» WHAT TO PRODUCE: Each entry must come back word for word; drop the images as you go.

----------

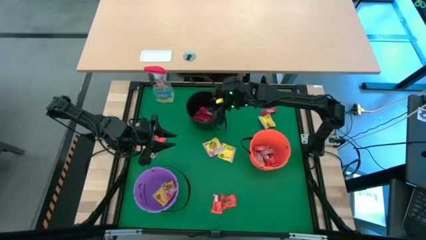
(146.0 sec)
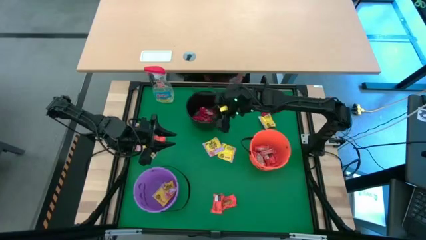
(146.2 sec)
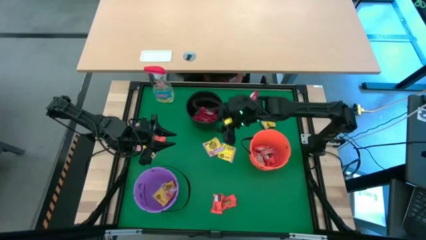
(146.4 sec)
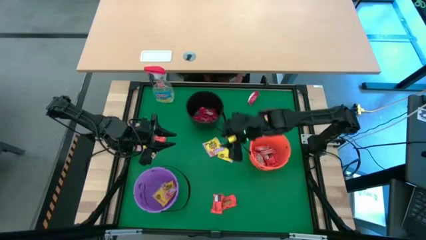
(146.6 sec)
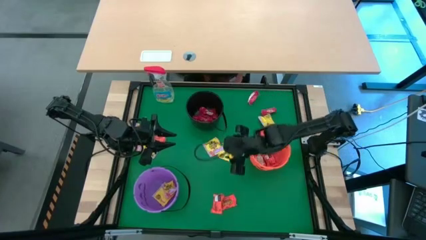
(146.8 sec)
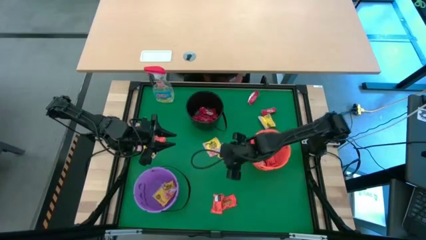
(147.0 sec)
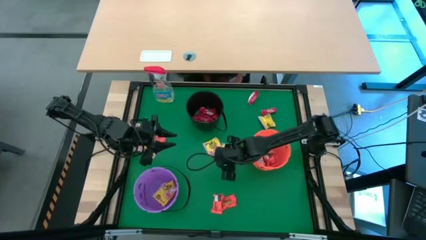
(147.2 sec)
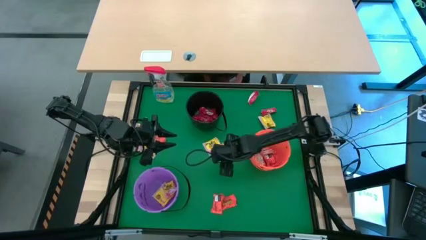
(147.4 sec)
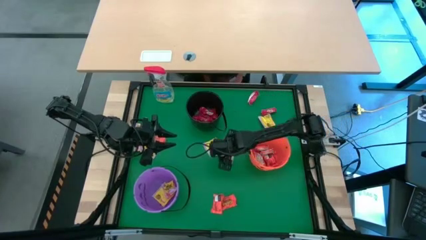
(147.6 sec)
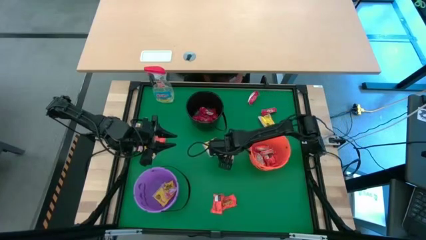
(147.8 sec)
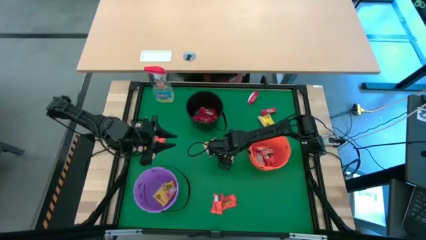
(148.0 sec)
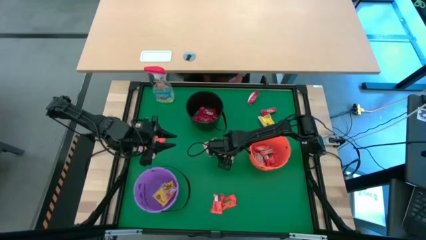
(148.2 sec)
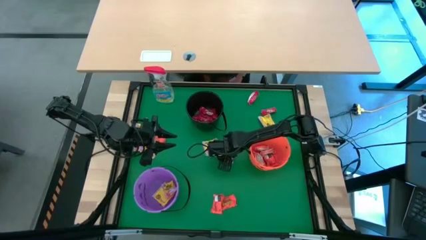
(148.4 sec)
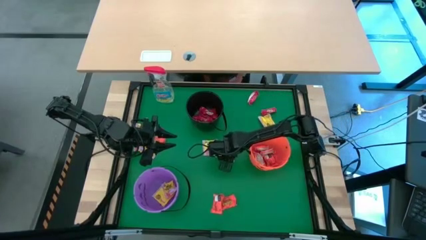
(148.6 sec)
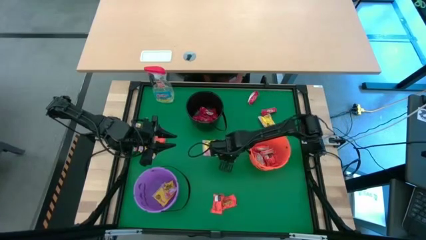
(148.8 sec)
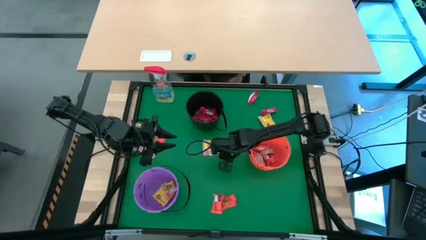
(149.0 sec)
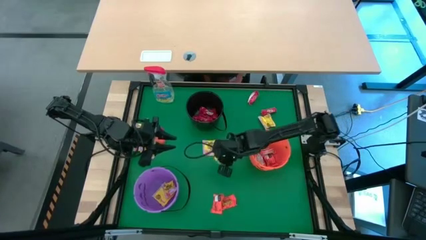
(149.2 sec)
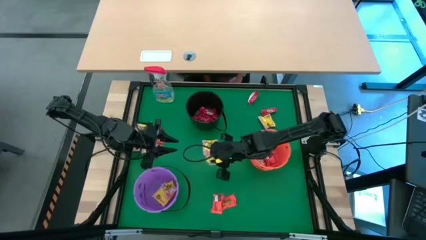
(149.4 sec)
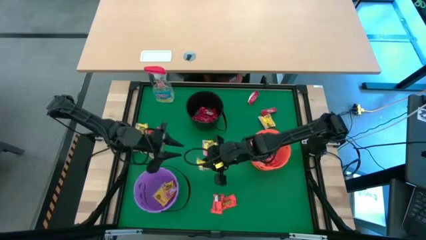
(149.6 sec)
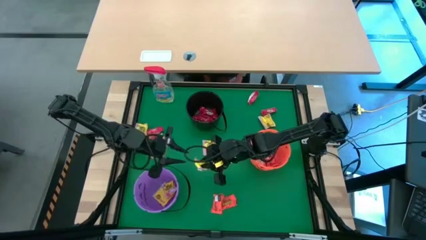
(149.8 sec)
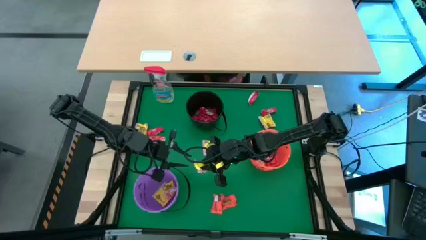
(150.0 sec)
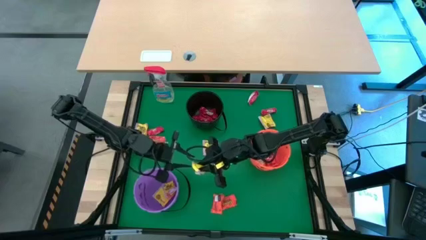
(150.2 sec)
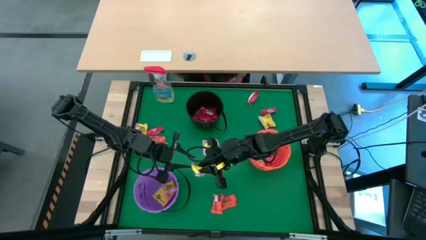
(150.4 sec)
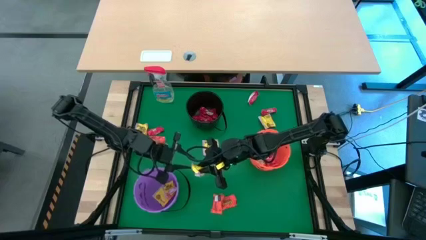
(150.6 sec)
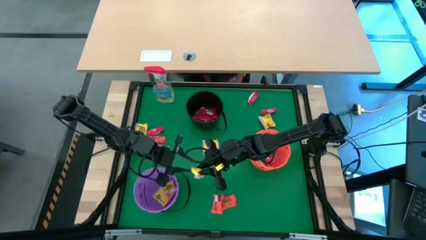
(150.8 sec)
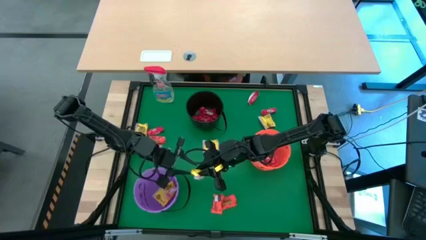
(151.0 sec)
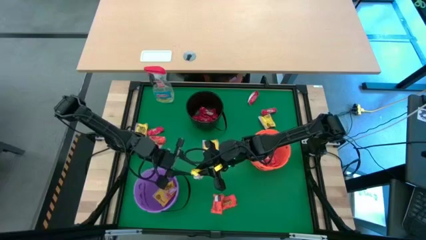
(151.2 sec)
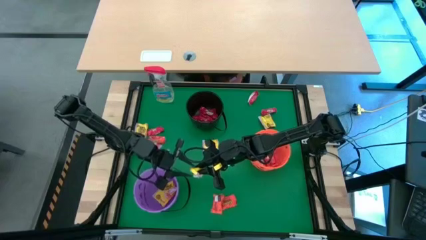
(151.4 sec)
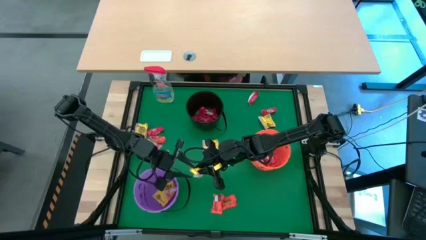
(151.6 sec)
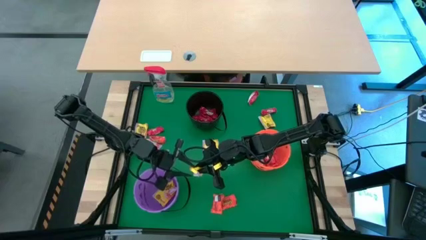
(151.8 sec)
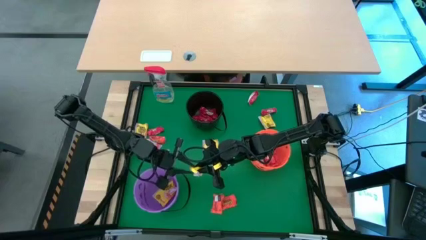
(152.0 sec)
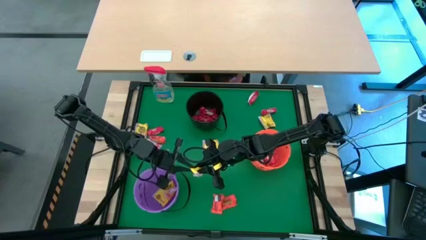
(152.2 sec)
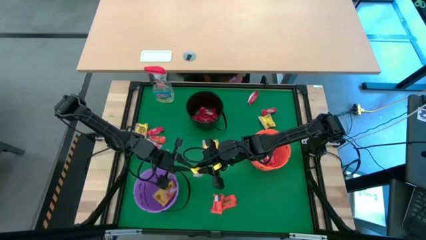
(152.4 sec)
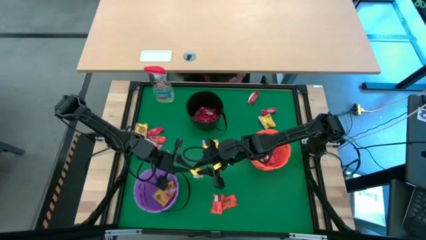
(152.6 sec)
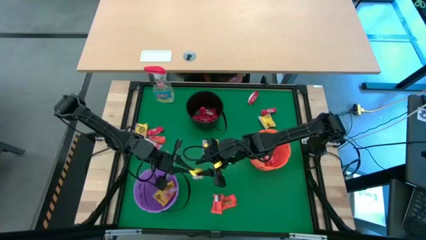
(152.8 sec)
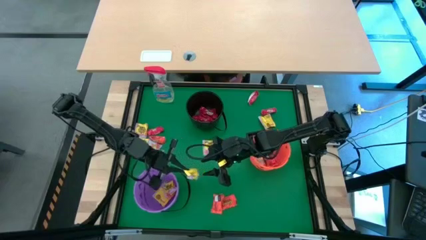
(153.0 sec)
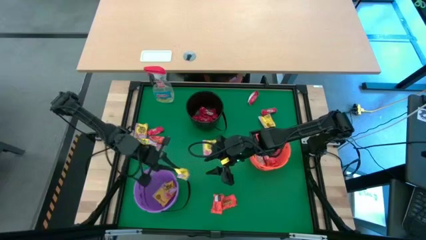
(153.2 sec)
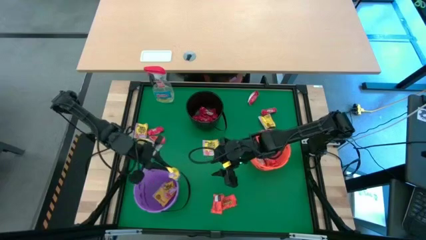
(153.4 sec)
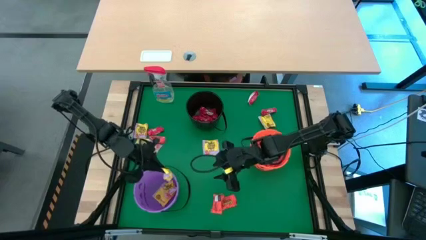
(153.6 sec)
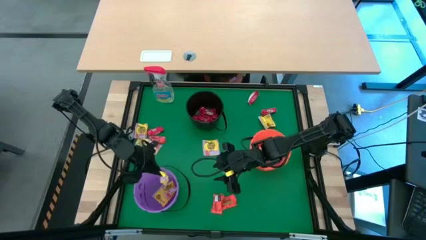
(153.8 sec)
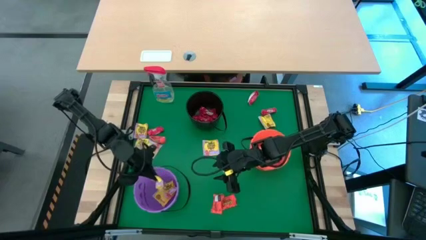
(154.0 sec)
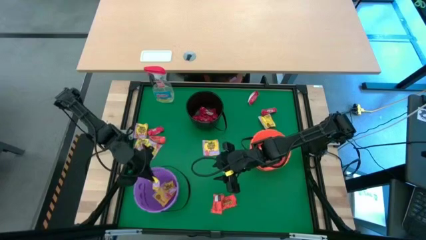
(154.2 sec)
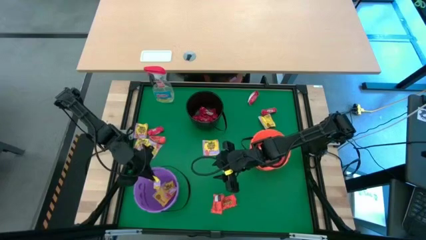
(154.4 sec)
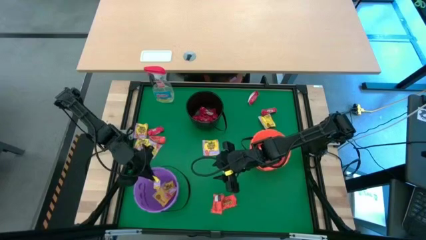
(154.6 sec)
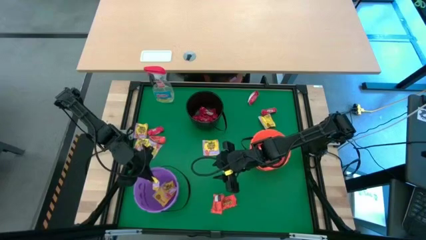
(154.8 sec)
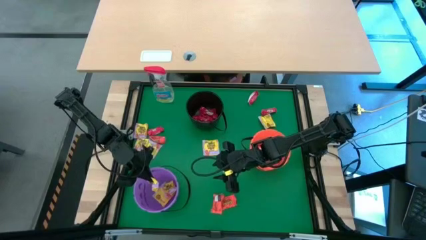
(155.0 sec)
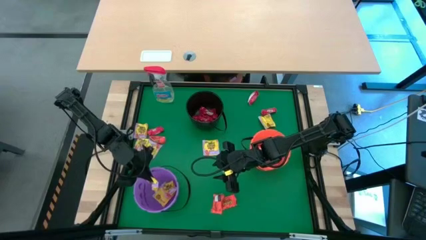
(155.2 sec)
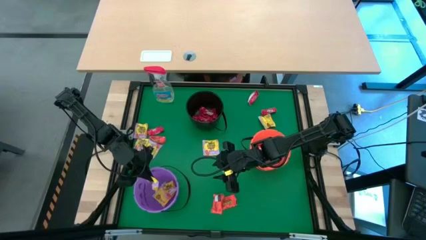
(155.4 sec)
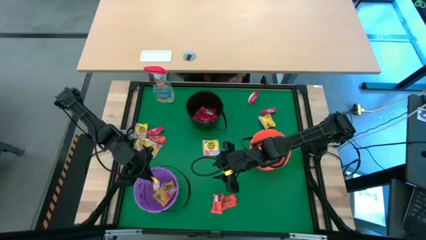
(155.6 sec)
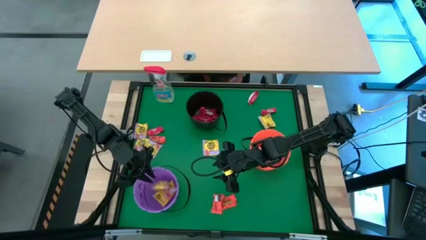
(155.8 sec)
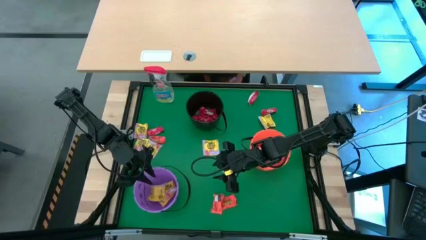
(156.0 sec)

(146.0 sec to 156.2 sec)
Task: Sort candy
Put the yellow candy into the violet bucket

----------

» RESULT OF THE EXERCISE:
(146.0 sec)
(146.2 sec)
(146.4 sec)
(146.6 sec)
(146.8 sec)
(147.0 sec)
(147.2 sec)
(147.4 sec)
(147.6 sec)
(147.8 sec)
(148.0 sec)
(148.2 sec)
(148.4 sec)
(148.6 sec)
(148.8 sec)
(149.0 sec)
(149.2 sec)
(149.4 sec)
(149.6 sec)
(149.8 sec)
(150.0 sec)
(150.2 sec)
(150.4 sec)
(150.6 sec)
(150.8 sec)
(151.0 sec)
(151.2 sec)
(151.4 sec)
(151.6 sec)
(151.8 sec)
(152.0 sec)
(152.2 sec)
(152.4 sec)
(152.6 sec)
(152.8 sec)
(153.0 sec)
(153.2 sec)
(153.4 sec)
(153.6 sec)
(153.8 sec)
(154.0 sec)
(154.2 sec)
(154.4 sec)
(154.6 sec)
(154.8 sec)
(155.0 sec)
(155.2 sec)
(155.4 sec)
(155.6 sec)
(155.8 sec)
(156.0 sec)

(146.0 sec to 156.2 sec)
Task: Sort candy
Put the yellow candy into the violet bucket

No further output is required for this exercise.